## Supplied material
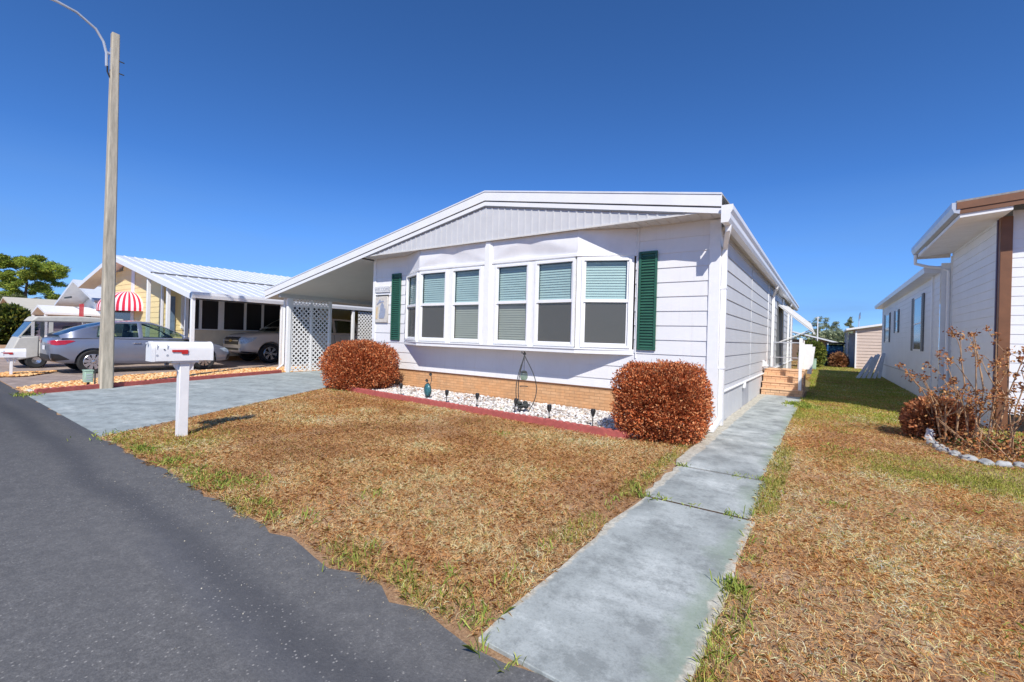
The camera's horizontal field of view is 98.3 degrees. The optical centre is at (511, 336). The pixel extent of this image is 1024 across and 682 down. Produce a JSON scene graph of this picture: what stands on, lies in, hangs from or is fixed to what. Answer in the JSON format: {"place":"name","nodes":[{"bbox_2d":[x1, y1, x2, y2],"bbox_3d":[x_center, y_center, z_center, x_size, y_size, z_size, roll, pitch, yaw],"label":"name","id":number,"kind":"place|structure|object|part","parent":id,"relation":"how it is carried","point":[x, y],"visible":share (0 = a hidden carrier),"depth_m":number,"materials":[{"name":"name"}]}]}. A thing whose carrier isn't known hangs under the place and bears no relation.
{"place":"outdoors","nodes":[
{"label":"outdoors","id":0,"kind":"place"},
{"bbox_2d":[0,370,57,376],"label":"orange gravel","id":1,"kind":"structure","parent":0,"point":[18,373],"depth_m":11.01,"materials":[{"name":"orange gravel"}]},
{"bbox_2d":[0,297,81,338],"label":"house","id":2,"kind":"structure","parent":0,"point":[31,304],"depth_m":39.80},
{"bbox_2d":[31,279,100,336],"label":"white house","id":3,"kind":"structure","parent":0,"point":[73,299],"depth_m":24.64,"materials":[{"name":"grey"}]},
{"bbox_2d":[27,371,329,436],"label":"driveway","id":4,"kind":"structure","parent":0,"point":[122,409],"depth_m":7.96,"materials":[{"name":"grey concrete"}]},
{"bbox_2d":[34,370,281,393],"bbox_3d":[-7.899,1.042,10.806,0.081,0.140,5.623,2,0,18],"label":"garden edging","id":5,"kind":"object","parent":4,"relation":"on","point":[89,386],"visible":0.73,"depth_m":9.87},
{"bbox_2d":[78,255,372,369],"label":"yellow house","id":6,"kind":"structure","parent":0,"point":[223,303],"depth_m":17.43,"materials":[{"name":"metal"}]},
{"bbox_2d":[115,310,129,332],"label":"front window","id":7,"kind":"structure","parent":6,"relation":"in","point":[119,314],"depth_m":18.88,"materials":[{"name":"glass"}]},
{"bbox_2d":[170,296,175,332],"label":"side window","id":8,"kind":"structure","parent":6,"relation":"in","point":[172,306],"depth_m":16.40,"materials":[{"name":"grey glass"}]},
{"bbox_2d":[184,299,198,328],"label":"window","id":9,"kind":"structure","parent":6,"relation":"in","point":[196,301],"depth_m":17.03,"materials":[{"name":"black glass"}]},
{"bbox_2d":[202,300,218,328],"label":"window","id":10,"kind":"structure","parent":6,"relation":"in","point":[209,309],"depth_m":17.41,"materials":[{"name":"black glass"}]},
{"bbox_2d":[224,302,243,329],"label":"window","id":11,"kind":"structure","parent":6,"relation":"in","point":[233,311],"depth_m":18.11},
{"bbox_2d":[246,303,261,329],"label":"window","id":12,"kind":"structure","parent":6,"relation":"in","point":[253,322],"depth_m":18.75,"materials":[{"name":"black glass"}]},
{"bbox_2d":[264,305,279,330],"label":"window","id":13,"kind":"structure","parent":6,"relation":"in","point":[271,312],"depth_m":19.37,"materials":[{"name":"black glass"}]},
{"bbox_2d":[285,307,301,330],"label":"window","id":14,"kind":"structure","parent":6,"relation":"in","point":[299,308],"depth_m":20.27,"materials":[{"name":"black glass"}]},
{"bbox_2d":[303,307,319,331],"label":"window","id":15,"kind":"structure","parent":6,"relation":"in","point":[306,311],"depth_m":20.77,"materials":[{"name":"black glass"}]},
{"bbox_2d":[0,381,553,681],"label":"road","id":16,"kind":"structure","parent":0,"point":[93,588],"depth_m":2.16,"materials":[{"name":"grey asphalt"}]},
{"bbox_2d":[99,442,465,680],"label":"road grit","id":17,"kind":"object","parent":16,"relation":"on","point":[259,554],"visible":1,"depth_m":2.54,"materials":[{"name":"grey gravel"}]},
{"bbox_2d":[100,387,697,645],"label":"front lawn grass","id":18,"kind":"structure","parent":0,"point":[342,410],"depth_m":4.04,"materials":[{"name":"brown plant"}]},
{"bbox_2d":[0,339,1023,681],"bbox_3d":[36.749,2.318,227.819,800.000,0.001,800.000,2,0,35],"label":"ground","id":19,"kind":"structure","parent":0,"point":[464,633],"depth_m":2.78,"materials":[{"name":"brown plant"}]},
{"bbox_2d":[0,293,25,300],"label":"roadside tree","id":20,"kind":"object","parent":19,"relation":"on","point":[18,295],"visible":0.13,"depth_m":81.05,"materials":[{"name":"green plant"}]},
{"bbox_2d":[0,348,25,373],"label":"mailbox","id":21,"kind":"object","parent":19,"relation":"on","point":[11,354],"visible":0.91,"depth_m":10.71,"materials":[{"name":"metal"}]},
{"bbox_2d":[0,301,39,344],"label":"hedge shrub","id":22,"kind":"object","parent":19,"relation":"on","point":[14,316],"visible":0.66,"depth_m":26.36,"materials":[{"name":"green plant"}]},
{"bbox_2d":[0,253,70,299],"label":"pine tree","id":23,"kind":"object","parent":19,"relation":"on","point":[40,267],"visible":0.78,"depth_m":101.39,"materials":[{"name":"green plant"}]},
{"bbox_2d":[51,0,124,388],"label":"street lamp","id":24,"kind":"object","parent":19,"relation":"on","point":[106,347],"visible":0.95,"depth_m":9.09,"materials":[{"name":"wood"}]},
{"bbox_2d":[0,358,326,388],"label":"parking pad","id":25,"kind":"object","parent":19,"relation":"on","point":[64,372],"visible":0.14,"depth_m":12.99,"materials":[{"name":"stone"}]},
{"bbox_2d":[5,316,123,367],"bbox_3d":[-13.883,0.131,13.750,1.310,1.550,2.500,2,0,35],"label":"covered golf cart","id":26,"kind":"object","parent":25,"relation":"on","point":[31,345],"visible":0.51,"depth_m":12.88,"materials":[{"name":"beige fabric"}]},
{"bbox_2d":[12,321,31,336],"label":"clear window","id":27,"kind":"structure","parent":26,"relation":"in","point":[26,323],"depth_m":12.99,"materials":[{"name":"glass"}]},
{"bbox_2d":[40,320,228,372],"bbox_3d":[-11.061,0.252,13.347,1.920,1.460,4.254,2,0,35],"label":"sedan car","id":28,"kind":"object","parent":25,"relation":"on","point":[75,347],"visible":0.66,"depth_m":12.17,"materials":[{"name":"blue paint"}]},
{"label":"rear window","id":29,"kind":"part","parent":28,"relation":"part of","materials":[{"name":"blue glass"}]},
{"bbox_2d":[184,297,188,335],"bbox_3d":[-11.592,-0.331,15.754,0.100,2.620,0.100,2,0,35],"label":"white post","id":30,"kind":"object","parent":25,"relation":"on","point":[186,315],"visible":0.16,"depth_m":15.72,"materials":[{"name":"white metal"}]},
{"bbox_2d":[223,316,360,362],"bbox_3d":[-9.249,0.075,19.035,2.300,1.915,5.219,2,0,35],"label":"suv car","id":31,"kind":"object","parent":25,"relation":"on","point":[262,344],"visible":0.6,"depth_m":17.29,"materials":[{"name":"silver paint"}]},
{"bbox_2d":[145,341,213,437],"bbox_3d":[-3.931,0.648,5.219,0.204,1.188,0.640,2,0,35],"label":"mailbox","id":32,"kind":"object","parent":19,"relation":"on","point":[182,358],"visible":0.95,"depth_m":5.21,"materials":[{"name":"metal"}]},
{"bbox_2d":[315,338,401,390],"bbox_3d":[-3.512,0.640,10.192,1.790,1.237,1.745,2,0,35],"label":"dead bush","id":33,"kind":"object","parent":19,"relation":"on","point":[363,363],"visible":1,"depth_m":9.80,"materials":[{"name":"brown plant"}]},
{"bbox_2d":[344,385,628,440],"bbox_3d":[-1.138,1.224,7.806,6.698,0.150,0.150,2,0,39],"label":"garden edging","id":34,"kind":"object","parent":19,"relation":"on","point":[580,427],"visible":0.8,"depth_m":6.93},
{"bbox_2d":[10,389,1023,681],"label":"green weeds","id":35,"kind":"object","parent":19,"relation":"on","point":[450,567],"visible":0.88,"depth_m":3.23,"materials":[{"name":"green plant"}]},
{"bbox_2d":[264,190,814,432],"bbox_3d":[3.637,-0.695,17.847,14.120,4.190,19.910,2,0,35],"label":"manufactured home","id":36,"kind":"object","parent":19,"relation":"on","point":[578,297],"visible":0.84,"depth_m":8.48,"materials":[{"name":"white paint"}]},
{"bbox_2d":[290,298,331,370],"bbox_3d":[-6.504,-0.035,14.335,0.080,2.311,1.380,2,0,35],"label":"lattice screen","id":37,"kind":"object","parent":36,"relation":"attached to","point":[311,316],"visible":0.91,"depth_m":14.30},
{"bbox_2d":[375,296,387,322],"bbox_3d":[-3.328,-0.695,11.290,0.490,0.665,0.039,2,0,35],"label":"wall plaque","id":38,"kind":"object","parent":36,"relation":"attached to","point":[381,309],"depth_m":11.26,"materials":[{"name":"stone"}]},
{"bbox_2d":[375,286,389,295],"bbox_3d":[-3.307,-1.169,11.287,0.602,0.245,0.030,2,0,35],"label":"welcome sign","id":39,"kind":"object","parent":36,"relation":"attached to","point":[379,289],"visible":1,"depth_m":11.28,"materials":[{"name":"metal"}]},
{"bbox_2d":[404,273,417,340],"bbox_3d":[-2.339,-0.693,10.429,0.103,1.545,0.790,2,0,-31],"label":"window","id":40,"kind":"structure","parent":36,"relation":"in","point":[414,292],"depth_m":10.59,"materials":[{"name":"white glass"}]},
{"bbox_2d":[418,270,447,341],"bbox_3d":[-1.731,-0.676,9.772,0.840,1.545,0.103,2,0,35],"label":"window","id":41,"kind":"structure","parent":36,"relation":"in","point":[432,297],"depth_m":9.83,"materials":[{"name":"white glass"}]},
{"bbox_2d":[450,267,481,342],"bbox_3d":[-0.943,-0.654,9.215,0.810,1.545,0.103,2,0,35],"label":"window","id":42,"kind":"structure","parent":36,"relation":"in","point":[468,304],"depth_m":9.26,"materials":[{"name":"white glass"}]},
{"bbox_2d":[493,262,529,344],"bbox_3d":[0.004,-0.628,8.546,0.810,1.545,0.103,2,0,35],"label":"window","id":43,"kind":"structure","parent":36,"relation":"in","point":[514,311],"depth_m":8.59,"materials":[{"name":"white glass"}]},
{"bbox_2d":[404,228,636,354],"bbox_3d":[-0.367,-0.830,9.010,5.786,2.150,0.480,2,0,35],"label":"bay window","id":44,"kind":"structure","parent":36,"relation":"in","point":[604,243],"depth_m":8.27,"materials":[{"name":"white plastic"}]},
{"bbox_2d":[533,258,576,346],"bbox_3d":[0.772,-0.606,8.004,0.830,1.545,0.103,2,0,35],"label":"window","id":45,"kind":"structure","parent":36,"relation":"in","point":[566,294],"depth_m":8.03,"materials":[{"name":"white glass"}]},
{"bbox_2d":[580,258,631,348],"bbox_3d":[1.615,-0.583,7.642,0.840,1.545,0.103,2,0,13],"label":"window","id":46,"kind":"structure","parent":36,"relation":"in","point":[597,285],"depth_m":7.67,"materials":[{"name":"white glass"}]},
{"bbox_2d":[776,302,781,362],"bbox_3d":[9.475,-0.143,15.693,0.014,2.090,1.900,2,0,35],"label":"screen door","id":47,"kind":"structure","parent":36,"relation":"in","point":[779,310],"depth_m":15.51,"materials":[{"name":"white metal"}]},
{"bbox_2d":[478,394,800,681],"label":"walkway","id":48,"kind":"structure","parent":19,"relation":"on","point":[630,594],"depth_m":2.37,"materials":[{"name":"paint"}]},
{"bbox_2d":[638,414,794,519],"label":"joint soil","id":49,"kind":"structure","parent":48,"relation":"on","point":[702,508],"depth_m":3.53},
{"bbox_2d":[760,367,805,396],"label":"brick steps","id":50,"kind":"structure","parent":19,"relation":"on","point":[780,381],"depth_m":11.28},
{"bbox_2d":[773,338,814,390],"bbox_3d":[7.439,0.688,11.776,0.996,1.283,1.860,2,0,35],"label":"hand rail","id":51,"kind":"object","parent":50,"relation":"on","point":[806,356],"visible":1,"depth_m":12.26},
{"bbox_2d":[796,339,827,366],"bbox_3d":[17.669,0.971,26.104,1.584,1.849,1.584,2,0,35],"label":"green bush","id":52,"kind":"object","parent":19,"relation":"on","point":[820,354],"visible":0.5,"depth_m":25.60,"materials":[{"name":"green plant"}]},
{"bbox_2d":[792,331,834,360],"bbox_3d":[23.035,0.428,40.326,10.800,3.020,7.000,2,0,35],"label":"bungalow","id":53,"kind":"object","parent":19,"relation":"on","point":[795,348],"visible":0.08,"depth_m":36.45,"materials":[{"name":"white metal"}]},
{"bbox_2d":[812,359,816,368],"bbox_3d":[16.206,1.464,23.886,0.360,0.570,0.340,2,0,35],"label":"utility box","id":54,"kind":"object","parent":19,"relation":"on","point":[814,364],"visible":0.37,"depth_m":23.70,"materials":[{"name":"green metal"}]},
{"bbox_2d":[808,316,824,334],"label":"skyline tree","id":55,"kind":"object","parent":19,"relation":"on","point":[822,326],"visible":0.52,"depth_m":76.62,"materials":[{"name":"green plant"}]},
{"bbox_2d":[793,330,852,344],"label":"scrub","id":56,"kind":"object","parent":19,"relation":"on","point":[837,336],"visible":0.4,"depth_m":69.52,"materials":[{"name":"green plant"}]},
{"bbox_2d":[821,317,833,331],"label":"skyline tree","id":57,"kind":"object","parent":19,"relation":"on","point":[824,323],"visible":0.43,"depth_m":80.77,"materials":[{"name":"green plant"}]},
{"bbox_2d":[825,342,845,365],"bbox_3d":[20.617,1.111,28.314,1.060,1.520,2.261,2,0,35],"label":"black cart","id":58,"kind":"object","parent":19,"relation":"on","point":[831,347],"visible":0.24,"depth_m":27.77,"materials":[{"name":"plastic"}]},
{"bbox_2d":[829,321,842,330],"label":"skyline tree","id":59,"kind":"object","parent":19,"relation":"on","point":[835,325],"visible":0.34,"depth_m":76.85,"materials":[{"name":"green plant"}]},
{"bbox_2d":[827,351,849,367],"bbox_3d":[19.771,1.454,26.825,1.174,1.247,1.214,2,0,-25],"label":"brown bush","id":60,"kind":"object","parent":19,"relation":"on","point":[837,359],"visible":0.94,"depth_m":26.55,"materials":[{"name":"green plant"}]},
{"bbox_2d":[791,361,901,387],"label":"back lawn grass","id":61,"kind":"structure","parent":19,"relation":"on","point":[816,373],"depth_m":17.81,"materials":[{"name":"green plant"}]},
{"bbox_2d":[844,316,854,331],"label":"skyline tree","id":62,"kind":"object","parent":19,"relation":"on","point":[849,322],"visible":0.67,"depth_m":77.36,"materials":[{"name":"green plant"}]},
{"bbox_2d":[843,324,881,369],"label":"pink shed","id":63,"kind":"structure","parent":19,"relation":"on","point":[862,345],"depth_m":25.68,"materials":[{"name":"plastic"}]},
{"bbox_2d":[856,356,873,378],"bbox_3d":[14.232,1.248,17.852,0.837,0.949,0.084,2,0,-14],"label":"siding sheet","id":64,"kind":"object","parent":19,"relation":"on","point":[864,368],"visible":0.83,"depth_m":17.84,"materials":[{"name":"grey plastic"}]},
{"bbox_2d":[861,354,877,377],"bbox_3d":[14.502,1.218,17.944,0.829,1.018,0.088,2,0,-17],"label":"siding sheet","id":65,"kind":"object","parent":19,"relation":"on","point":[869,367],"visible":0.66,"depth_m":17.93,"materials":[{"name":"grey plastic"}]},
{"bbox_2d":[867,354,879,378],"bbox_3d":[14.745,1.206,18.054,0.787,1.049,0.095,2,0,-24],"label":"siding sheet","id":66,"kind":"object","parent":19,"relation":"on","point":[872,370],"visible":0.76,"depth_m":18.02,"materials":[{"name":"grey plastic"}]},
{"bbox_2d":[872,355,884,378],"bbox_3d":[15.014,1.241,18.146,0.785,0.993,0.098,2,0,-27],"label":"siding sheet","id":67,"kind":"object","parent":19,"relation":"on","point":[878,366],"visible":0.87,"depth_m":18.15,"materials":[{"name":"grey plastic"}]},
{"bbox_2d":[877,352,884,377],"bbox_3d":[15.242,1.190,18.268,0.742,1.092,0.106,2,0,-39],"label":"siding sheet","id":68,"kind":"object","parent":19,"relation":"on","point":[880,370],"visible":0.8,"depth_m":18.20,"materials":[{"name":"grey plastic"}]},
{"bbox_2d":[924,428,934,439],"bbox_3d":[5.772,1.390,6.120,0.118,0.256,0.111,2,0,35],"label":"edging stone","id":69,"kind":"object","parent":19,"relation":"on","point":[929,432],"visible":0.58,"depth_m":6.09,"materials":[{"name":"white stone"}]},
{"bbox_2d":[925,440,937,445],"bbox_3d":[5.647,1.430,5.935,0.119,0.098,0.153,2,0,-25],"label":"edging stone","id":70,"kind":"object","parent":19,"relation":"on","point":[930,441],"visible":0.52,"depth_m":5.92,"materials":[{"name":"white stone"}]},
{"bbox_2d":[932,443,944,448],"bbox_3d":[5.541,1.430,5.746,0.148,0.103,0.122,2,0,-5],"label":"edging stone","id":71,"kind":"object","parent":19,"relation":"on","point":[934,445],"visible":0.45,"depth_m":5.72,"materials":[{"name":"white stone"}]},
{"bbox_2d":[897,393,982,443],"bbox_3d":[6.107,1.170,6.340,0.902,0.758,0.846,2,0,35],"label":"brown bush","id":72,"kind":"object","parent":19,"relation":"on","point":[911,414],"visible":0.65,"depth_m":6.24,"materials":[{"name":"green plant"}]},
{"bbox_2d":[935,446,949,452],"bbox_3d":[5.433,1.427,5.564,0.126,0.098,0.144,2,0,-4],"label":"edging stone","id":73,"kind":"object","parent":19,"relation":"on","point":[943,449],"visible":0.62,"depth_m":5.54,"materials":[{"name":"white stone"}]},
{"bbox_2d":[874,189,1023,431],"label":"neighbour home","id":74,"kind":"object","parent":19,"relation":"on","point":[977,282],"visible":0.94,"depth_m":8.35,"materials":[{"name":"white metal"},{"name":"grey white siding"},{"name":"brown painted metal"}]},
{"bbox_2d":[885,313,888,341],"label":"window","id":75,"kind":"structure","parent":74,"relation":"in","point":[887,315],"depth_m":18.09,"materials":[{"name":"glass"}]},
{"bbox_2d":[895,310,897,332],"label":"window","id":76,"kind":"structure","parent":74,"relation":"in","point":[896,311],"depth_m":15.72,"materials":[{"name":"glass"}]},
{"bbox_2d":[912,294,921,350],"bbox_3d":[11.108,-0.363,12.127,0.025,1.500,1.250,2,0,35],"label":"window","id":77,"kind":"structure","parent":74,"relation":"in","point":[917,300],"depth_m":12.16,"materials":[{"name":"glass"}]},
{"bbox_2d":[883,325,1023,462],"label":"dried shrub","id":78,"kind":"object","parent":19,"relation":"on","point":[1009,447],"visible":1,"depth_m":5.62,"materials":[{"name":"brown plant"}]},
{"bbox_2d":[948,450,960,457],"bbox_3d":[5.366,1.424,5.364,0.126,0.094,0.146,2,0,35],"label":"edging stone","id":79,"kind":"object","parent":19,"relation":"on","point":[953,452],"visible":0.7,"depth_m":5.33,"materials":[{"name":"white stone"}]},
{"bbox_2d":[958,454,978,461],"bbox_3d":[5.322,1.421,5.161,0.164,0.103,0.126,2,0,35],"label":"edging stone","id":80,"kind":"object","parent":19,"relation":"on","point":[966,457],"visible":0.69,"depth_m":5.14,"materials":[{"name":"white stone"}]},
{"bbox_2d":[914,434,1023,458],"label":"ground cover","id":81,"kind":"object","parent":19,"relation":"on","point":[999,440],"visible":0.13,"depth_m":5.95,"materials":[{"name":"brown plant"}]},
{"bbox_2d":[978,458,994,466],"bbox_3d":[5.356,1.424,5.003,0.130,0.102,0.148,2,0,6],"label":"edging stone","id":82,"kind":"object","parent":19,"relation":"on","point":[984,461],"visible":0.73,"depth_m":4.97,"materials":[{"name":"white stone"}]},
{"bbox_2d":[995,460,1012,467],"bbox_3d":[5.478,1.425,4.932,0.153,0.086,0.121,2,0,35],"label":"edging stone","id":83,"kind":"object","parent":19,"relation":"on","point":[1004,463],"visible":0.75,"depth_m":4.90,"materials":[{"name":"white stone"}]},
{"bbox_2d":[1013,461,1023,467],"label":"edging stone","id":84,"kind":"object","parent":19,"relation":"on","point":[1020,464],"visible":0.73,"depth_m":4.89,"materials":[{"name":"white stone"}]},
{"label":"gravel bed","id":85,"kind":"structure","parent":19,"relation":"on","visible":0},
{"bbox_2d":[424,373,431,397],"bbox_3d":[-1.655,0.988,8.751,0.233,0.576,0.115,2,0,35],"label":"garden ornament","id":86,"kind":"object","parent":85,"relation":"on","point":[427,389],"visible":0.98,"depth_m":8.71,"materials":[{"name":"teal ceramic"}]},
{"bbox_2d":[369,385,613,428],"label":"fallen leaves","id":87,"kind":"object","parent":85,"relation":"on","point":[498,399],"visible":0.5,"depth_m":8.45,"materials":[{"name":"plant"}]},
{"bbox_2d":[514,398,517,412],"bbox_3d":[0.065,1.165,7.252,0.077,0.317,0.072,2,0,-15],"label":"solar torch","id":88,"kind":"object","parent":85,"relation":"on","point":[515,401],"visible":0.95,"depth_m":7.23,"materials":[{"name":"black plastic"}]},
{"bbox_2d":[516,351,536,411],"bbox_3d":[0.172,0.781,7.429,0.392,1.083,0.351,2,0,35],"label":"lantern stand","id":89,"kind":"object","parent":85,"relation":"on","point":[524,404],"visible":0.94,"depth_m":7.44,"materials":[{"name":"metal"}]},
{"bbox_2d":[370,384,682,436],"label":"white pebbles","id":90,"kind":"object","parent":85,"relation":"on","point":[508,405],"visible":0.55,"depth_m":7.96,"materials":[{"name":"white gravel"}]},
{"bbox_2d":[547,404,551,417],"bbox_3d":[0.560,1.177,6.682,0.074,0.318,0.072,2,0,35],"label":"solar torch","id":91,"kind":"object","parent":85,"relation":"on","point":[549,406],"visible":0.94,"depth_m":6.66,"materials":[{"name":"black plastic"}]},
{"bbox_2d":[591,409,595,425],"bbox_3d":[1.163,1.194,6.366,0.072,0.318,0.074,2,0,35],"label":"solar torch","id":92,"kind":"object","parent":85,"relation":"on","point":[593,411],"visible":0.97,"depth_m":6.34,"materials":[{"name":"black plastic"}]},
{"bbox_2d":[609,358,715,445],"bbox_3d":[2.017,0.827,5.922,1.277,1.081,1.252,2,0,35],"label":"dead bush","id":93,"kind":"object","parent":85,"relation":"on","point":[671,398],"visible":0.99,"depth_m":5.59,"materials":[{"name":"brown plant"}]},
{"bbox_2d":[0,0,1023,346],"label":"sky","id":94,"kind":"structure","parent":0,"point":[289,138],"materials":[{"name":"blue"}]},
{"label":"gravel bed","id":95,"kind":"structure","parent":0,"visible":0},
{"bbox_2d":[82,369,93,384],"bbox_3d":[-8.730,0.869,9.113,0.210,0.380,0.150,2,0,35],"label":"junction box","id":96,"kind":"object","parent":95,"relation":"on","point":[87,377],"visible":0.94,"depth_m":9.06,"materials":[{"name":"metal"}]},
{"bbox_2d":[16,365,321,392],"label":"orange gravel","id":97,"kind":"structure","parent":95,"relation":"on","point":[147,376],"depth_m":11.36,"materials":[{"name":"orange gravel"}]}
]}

---

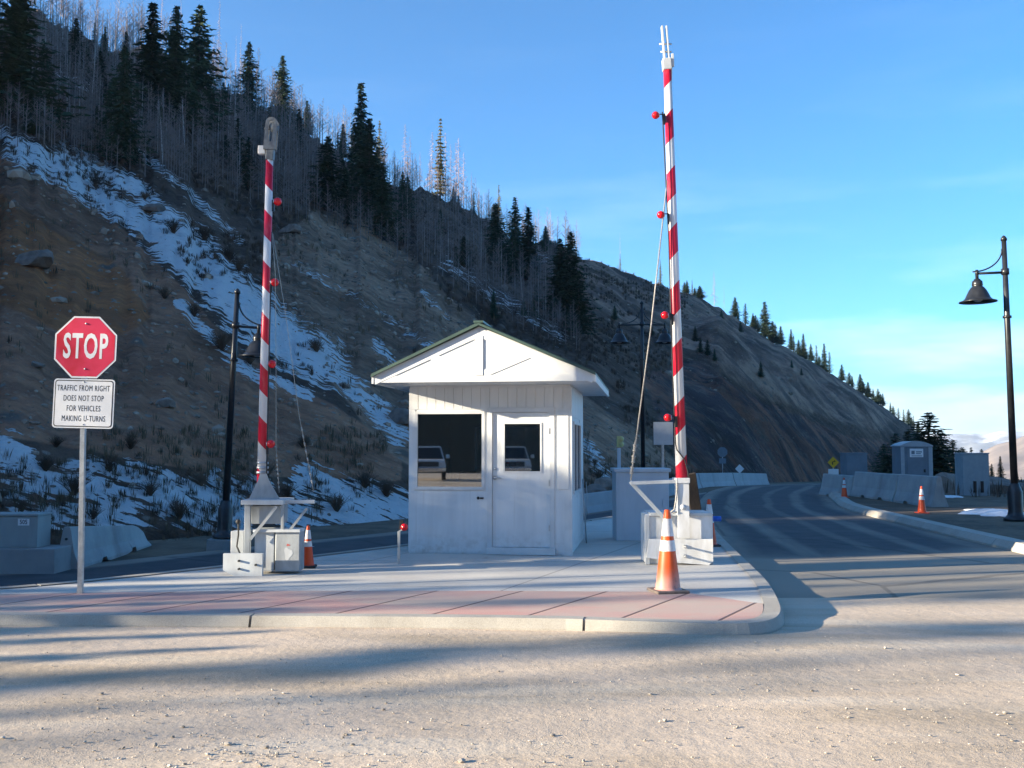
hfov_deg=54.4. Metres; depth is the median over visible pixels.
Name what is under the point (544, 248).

## Problem
Return exactly the lines above from the line that has "hfov_deg=54.4. Metres; depth" through the line that has "Name what is under the point (544, 248).", inclusive, and nothing else.

## Task response
hfov_deg=54.4. Metres; depth is the median over visible pixels.
Name what is under the point (544, 248).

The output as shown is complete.